Having a basic understanding of SQL is incredibly useful. You can query your relational database, you can query tabular numerical data using DuckDB, you can query, multiple distributed databases and file server using Apache Hive. Since SQL has been around since the 1970s, a lot of technologies offer an SQL or SQL-like interface.

This guide will not get into detail and differences between different SQL dialects, like MySQL versus MS SQL Server, but it will give you a general understanding of what tools exist in most SQL dialects, and how to use them, so that you can ask an AI more specific questions for whatever SQL product that you’re using.

Basic Idea

In this example we’ll consider a simple database describing a school with students, teachers, courses, sections, and enrollments. A course is a general offering, like “MATH-101”, while a section is particular instance of a course, like “MATH-101, Fall 2012”.
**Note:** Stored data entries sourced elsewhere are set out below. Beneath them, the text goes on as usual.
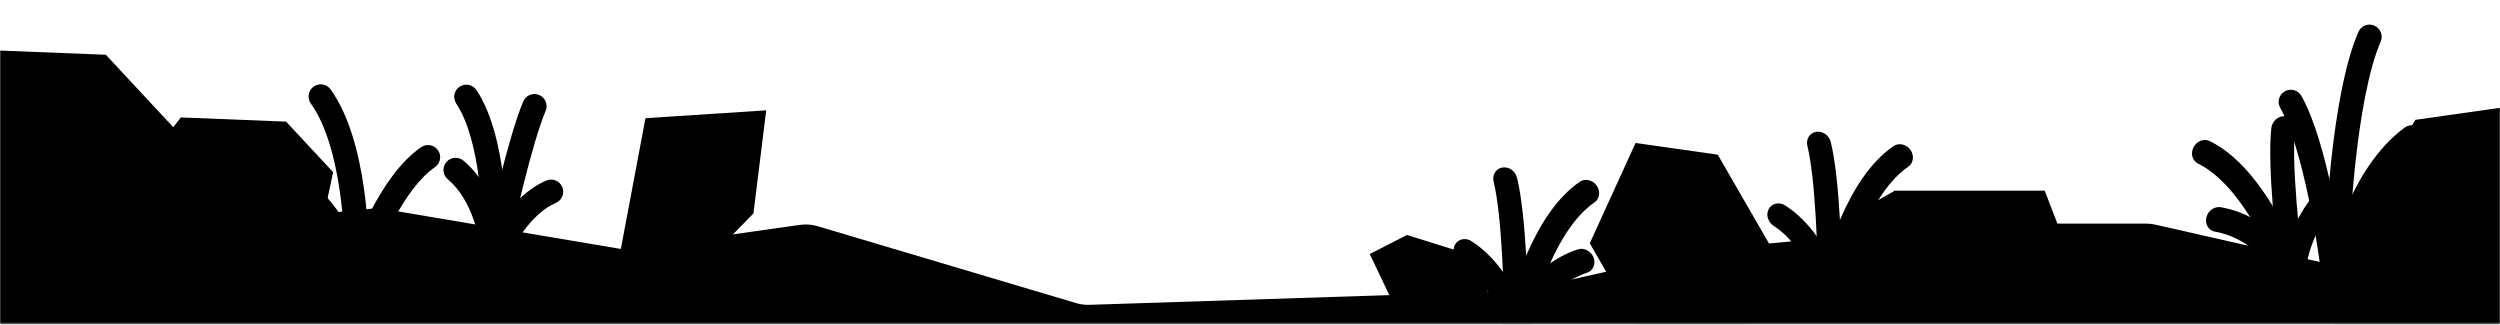 <svg width="1440" height="187" viewBox="0 0 1440 187" fill="none" xmlns="http://www.w3.org/2000/svg">
<mask id="mask0_143_185" style="mask-type:alpha" maskUnits="userSpaceOnUse" x="0" y="0" width="1440" height="187">
<rect y="0.51" width="1440" height="186.112" fill="#D9D9D9"/>
</mask>
<g mask="url(#mask0_143_185)">
<g filter="url(#filter0_f_143_185)">
<path d="M214.611 120.153L-6.912 141.703C-19.08 142.887 -28.413 153.027 -28.586 165.251L-39.906 964.73C-40.096 978.116 -29.296 989.069 -15.909 989.069H1463.25C1476.51 989.069 1487.25 978.324 1487.25 965.069V182.676C1487.25 167.815 1473.88 156.526 1459.23 159.015L1413.97 166.705C1410.87 167.232 1407.7 167.144 1404.63 166.448L1241.48 129.398C1239.74 129.002 1237.95 128.802 1236.16 128.802H1139.86L981.574 143.782L878.628 167.001C877.149 167.335 875.642 167.527 874.126 167.576L627.523 175.58C624.946 175.663 622.373 175.331 619.902 174.597L470.954 130.295C467.648 129.311 464.169 129.052 460.754 129.535L363.588 143.262C361.15 143.607 358.673 143.574 356.245 143.165L220.921 120.374C218.837 120.023 216.715 119.948 214.611 120.153Z" fill="black"/>
<path d="M1371.28 23.963C1372.81 20.415 1371.18 16.294 1367.63 14.759C1364.08 13.223 1359.96 14.855 1358.43 18.403L1371.28 23.963ZM1352.29 167.645C1352.45 150.591 1353.62 122.807 1356.58 95.071C1359.57 67.08 1364.31 40.061 1371.28 23.963L1358.43 18.403C1350.53 36.649 1345.65 65.584 1342.66 93.583C1339.64 121.836 1338.45 150.077 1338.29 167.512L1352.29 167.645Z" fill="black"/>
<path d="M1393.38 84.756C1396.5 82.462 1397.16 78.079 1394.86 74.968C1392.57 71.857 1388.18 71.195 1385.07 73.49L1393.38 84.756ZM1352.23 168.452C1353.46 158.734 1357.05 142.576 1363.84 126.331C1370.66 109.991 1380.37 94.352 1393.38 84.756L1385.07 73.49C1369.14 85.24 1358.18 103.533 1350.92 120.937C1343.61 138.436 1339.71 155.831 1338.34 166.705L1352.23 168.452Z" fill="black"/>
<path d="M1313.41 62.125C1311.51 58.758 1312.7 54.489 1316.07 52.588C1319.43 50.687 1323.7 51.875 1325.6 55.241L1313.41 62.125ZM1338.33 168.318C1336.97 155.53 1334.06 134.74 1329.76 114.122C1325.41 93.252 1319.83 73.485 1313.41 62.125L1325.6 55.241C1333.19 68.682 1339.12 90.38 1343.47 111.267C1347.87 132.405 1350.85 153.662 1352.25 166.839L1338.33 168.318Z" fill="black"/>
<path d="M179.04 59.654C176.779 56.518 177.488 52.143 180.624 49.882C183.76 47.621 188.135 48.331 190.396 51.467L179.04 59.654ZM198.278 160.107C198.84 148.575 198.52 129.475 195.713 110.065C192.871 90.421 187.629 71.567 179.04 59.654L190.396 51.467C201.037 66.226 206.651 87.891 209.569 108.06C212.52 128.464 212.861 148.471 212.261 160.788L198.278 160.107Z" fill="black"/>
<path d="M144.582 96.828C141.15 95.048 139.812 90.823 141.592 87.391C143.373 83.959 147.598 82.621 151.03 84.402L144.582 96.828ZM198.382 161.694C196.053 148.819 181.992 116.24 144.582 96.828L151.03 84.402C192.781 106.066 209.162 142.636 212.158 159.202L198.382 161.694Z" fill="black"/>
<path d="M250.506 96.306C253.693 94.118 254.502 89.76 252.314 86.573C250.125 83.386 245.768 82.577 242.581 84.766L250.506 96.306ZM211.987 162.418C214.418 154.13 219.371 140.659 226.215 127.59C233.165 114.318 241.561 102.449 250.506 96.306L242.581 84.766C230.721 92.91 221.025 107.321 213.812 121.096C206.492 135.074 201.211 149.414 198.553 158.478L211.987 162.418Z" fill="black"/>
<path d="M1266.11 94.256C1262.8 92.631 1261.62 88.403 1263.47 84.812C1265.32 81.222 1269.5 79.628 1272.81 81.253L1266.11 94.256ZM1314.06 163.165C1311.15 154.196 1305.14 139.747 1296.71 126.041C1288.18 112.187 1277.68 99.939 1266.11 94.256L1272.81 81.253C1287.49 88.467 1299.51 103.116 1308.45 117.644C1317.48 132.319 1323.91 147.737 1327.1 157.604L1314.06 163.165Z" fill="black"/>
<path d="M1321.91 74.222C1322.33 70.282 1319.62 67.005 1315.85 66.902C1312.09 66.799 1308.69 69.909 1308.27 73.849L1321.91 74.222ZM1327.37 158.795C1326.01 148.873 1324.1 132.652 1322.81 116.345C1321.5 99.856 1320.88 83.909 1321.91 74.222L1308.27 73.849C1307.08 85.075 1307.82 102.267 1309.13 118.707C1310.45 135.329 1312.39 151.826 1313.78 161.973L1327.37 158.795Z" fill="black"/>
<path d="M1275.85 133.445C1272.18 132.812 1269.95 129.146 1270.87 125.256C1271.79 121.366 1275.52 118.725 1279.2 119.357L1275.85 133.445ZM1314.34 163.888C1310.4 155.297 1296.92 137.068 1275.85 133.445L1279.2 119.357C1305.85 123.942 1321.94 146.236 1326.82 156.88L1314.34 163.888Z" fill="black"/>
<path d="M1347.38 116.755C1350.42 114.147 1351.06 109.637 1348.8 106.682C1346.55 103.727 1342.25 103.446 1339.21 106.053L1347.38 116.755ZM1327.43 160.165C1327.66 155.798 1328.95 147.968 1332.15 139.598C1335.35 131.234 1340.25 122.86 1347.38 116.755L1339.21 106.053C1329.45 114.416 1323.26 125.382 1319.46 135.318C1315.66 145.245 1314.04 154.672 1313.73 160.604L1327.43 160.165Z" fill="black"/>
<path d="M1099.12 96.063C1102.17 93.979 1102.74 89.624 1100.41 86.335C1098.07 83.047 1093.71 82.071 1090.66 84.156L1099.12 96.063ZM1060.99 171.698C1062.65 162.326 1066.63 147.043 1073.12 132.157C1079.68 117.109 1088.42 103.383 1099.12 96.063L1090.66 84.156C1077.1 93.438 1067.2 109.756 1060.32 125.519C1053.38 141.443 1049.12 157.737 1047.3 168.032L1060.99 171.698Z" fill="black"/>
<path d="M1041.05 84.017C1040.1 80.174 1042.35 76.555 1046.07 75.935C1049.79 75.315 1053.57 77.928 1054.52 81.772L1041.05 84.017ZM1047.19 169.239C1047.19 159.14 1046.87 142.674 1045.92 126.211C1044.96 109.567 1043.4 93.551 1041.05 84.017L1054.52 81.772C1057.24 92.796 1058.84 110.053 1059.8 126.648C1060.76 143.425 1061.09 160.165 1061.1 170.49L1047.19 169.239Z" fill="black"/>
<path d="M1094.82 136.565C1098.37 135.414 1100.06 131.466 1098.61 127.747C1097.15 124.028 1093.09 121.946 1089.54 123.097L1094.82 136.565ZM1060.81 172.449C1063.55 163.288 1074.44 143.172 1094.82 136.565L1089.54 123.097C1063.74 131.459 1050.85 155.99 1047.48 167.281L1060.81 172.449Z" fill="black"/>
<path d="M1021.6 130.055C1018.23 127.888 1017 123.509 1018.84 120.275C1020.69 117.041 1024.91 116.175 1028.28 118.342L1021.6 130.055ZM1047.32 170.593C1046.5 166.254 1044.14 158.613 1039.82 150.705C1035.5 142.801 1029.49 135.136 1021.6 130.055L1028.28 118.342C1039.1 125.306 1046.72 135.372 1051.84 144.739C1056.96 154.103 1059.85 163.272 1060.97 169.137L1047.32 170.593Z" fill="black"/>
<path d="M918.396 116.616C921.442 114.531 922.017 110.176 919.681 106.888C917.345 103.6 912.982 102.624 909.936 104.708L918.396 116.616ZM880.266 192.251C881.921 182.878 885.903 167.595 892.396 152.709C898.96 137.662 907.698 123.936 918.396 116.616L909.936 104.708C896.371 113.99 886.473 130.308 879.597 146.071C872.652 161.995 868.392 178.289 866.574 188.584L880.266 192.251Z" fill="black"/>
<path d="M860.324 104.569C859.377 100.726 861.625 97.108 865.345 96.488C869.065 95.868 872.848 98.481 873.795 102.324L860.324 104.569ZM866.47 189.792C866.465 179.693 866.144 163.227 865.197 146.764C864.24 130.119 862.673 114.103 860.324 104.569L873.795 102.324C876.512 113.348 878.12 130.605 879.075 147.201C880.039 163.977 880.366 180.718 880.371 191.043L866.47 189.792Z" fill="black"/>
<path d="M914.092 157.117C917.643 155.966 919.34 152.018 917.883 148.299C916.425 144.58 912.365 142.498 908.813 143.65L914.092 157.117ZM880.089 193.001C882.828 183.84 893.711 163.724 914.092 157.117L908.813 143.65C883.017 152.012 870.128 176.542 866.753 187.834L880.089 193.001Z" fill="black"/>
<path d="M840.875 150.607C837.508 148.44 836.273 144.062 838.117 140.827C839.96 137.593 844.185 136.728 847.552 138.895L840.875 150.607ZM866.599 191.146C865.774 186.807 863.42 179.165 859.097 171.257C854.777 163.353 848.77 155.688 840.875 150.607L847.552 138.895C858.371 145.858 865.997 155.924 871.118 165.292C876.236 174.655 879.128 183.824 880.242 189.689L866.599 191.146Z" fill="black"/>
<path d="M262.789 59.642C260.649 56.423 261.523 52.078 264.742 49.938C267.962 47.797 272.307 48.671 274.447 51.891L262.789 59.642ZM277.446 149.561C278.103 139.212 278.132 122.068 276.055 104.654C273.949 86.993 269.796 70.179 262.789 59.642L274.447 51.891C283.361 65.296 287.796 84.882 289.957 102.996C292.147 121.357 292.122 139.361 291.418 150.449L277.446 149.561Z" fill="black"/>
<path d="M314.29 63.864C315.783 60.298 314.102 56.197 310.536 54.704C306.97 53.211 302.869 54.892 301.376 58.458L314.29 63.864ZM291.292 151.394C295.634 129.955 306.226 83.13 314.29 63.864L301.376 58.458C292.676 79.241 281.845 127.513 277.571 148.615L291.292 151.394Z" fill="black"/>
<path d="M257.938 103.255C254.972 100.776 254.576 96.362 257.055 93.395C259.534 90.428 263.949 90.033 266.915 92.512L257.938 103.255ZM277.434 150.184C277.305 145.111 276.144 136.316 273.032 127.192C269.906 118.026 265.038 109.188 257.938 103.255L266.915 92.512C276.716 100.702 282.704 112.181 286.283 122.673C289.875 133.206 291.266 143.41 291.43 149.826L277.434 150.184Z" fill="black"/>
<path d="M320.15 116.89C323.709 115.382 325.373 111.274 323.865 107.714C322.358 104.154 318.25 102.49 314.69 103.998L320.15 116.89ZM291.004 152.413C292.648 147.929 296.221 140.474 301.409 133.334C306.65 126.121 313.057 119.893 320.15 116.89L314.69 103.998C304.271 108.411 296.033 116.916 290.083 125.105C284.08 133.367 279.915 141.985 277.859 147.597L291.004 152.413Z" fill="black"/>
<path d="M1061.9 126.679L1098.76 149.848H1159.84L1188.28 137.21L1177.75 109.828H1091.39L1061.9 126.679Z" fill="black"/>
<path d="M788.98 146.307L802.548 174.823L836.487 185.433L856.056 178.31L858.375 150.346L810.392 135.346L788.98 146.307Z" fill="black"/>
<path d="M942.082 82.364L915.707 140.154L946.248 193.053L984.905 203.568L1032.59 163.876L989.412 89.088L942.082 82.364Z" fill="black"/>
<path d="M1458.12 59.528L1495.4 141.226L1452.23 216.009L1397.58 230.875L1330.16 174.762L1391.21 69.034L1458.12 59.528Z" fill="black"/>
<path d="M65.534 117.548L104.153 67.649L164.778 70.052L191.889 99.179L179.032 159.45L93.321 156.053L65.534 117.548Z" fill="black"/>
<path d="M-105.916 111.399L-40.982 27.499L60.952 31.539L106.537 80.512L84.918 181.852L-59.195 176.14L-105.916 111.399Z" fill="black"/>
<path d="M371.787 68.074L353.693 164.198L387.054 170.983L433.985 122.921L441.336 63.55L371.787 68.074Z" fill="black"/>
</g>
</g>
<defs>
<filter id="filter0_f_143_185" x="-121.616" y="-1.519" width="1632.72" height="1006.29" filterUnits="userSpaceOnUse" color-interpolation-filters="sRGB">
<feFlood flood-opacity="0" result="BackgroundImageFix"/>
<feBlend mode="normal" in="SourceGraphic" in2="BackgroundImageFix" result="shape"/>
<feGaussianBlur stdDeviation="7.85" result="effect1_foregroundBlur_143_185"/>
</filter>
</defs>
</svg>

SQL is used to query database tables that (usually) have relationships to other tables. Every row in a table has an ID, or Primary Key, and these relationships are defined using those IDs. The Students table has a unique ID (for that table) for each student. The Enrollments table has a Sections ID column, and a Students ID column so that we can see that a specific Student is enrolled in a specific Section. If we want to find out the name of the student or the section, then we would follow that ID, known as a Foreign Key, to the table it belongs to. (You can also JOIN tables together on their primary/foreign keys, but more on that later.)

Schema

Schema refers to the structure of a database: the names of the tables, the names of the columns in each table, and how tables relate to each other through primary and foreign keys. This document creates the tables we’ll be talking about below. Comments in a .SQL file begin with a double dash, --.

-- File: schema.sql

-- Table: Students
-- Stores information about individual students
CREATE TABLE IF NOT EXISTS Students (
    student_id INTEGER PRIMARY KEY AUTOINCREMENT,
    first_name TEXT NOT NULL,
    last_name TEXT NOT NULL,
    date_of_birth TEXT, -- Stored as YYYY-MM-DD
    enrollment_date TEXT DEFAULT CURRENT_DATE -- When the student enrolled
);

-- Table: Teachers
-- Stores information about teachers
CREATE TABLE IF NOT EXISTS Teachers (
    teacher_id INTEGER PRIMARY KEY AUTOINCREMENT,
    first_name TEXT NOT NULL,
    last_name TEXT NOT NULL,
    email TEXT UNIQUE NOT NULL,
    hire_date TEXT DEFAULT CURRENT_DATE
);

-- Table: Courses
-- Stores information about the courses offered at the school
CREATE TABLE IF NOT EXISTS Courses (
    course_id INTEGER PRIMARY KEY AUTOINCREMENT,
    course_name TEXT NOT NULL UNIQUE,
    course_code TEXT UNIQUE NOT NULL, -- e.g., "MATH101", "ENG202"
    credits INTEGER NOT NULL
);

-- Table: Sections
-- Represents specific instances of a course offered in a particular term
-- A course can have multiple sections, possibly taught by different teachers
CREATE TABLE IF NOT EXISTS Sections (
    section_id INTEGER PRIMARY KEY AUTOINCREMENT,
    course_id INTEGER NOT NULL,
    teacher_id INTEGER NOT NULL,
    semester TEXT NOT NULL, -- e.g., "Fall 2024", "Spring 2025"
    capacity INTEGER NOT NULL,
    FOREIGN KEY (course_id) REFERENCES Courses(course_id),
    FOREIGN KEY (teacher_id) REFERENCES Teachers(teacher_id)
);

-- Table: Enrollments
-- Links students to the sections they are enrolled in
CREATE TABLE IF NOT EXISTS Enrollments (
    enrollment_id INTEGER PRIMARY KEY AUTOINCREMENT,
    student_id INTEGER NOT NULL,
    section_id INTEGER NOT NULL,
    enrollment_date TEXT DEFAULT CURRENT_DATE,
    -- Ensure a student can only enroll in a specific section once
    UNIQUE (student_id, section_id),
    FOREIGN KEY (student_id) REFERENCES Students(student_id),
    FOREIGN KEY (section_id) REFERENCES Sections(section_id)
);

For sqlite3, we can load this document into an empty database and create these tables by doing,

sqlite database.db < schema.sql

This will create the file database.db if it does not exist, otherwise it will add the above tables to database.db if they do not exist in that database.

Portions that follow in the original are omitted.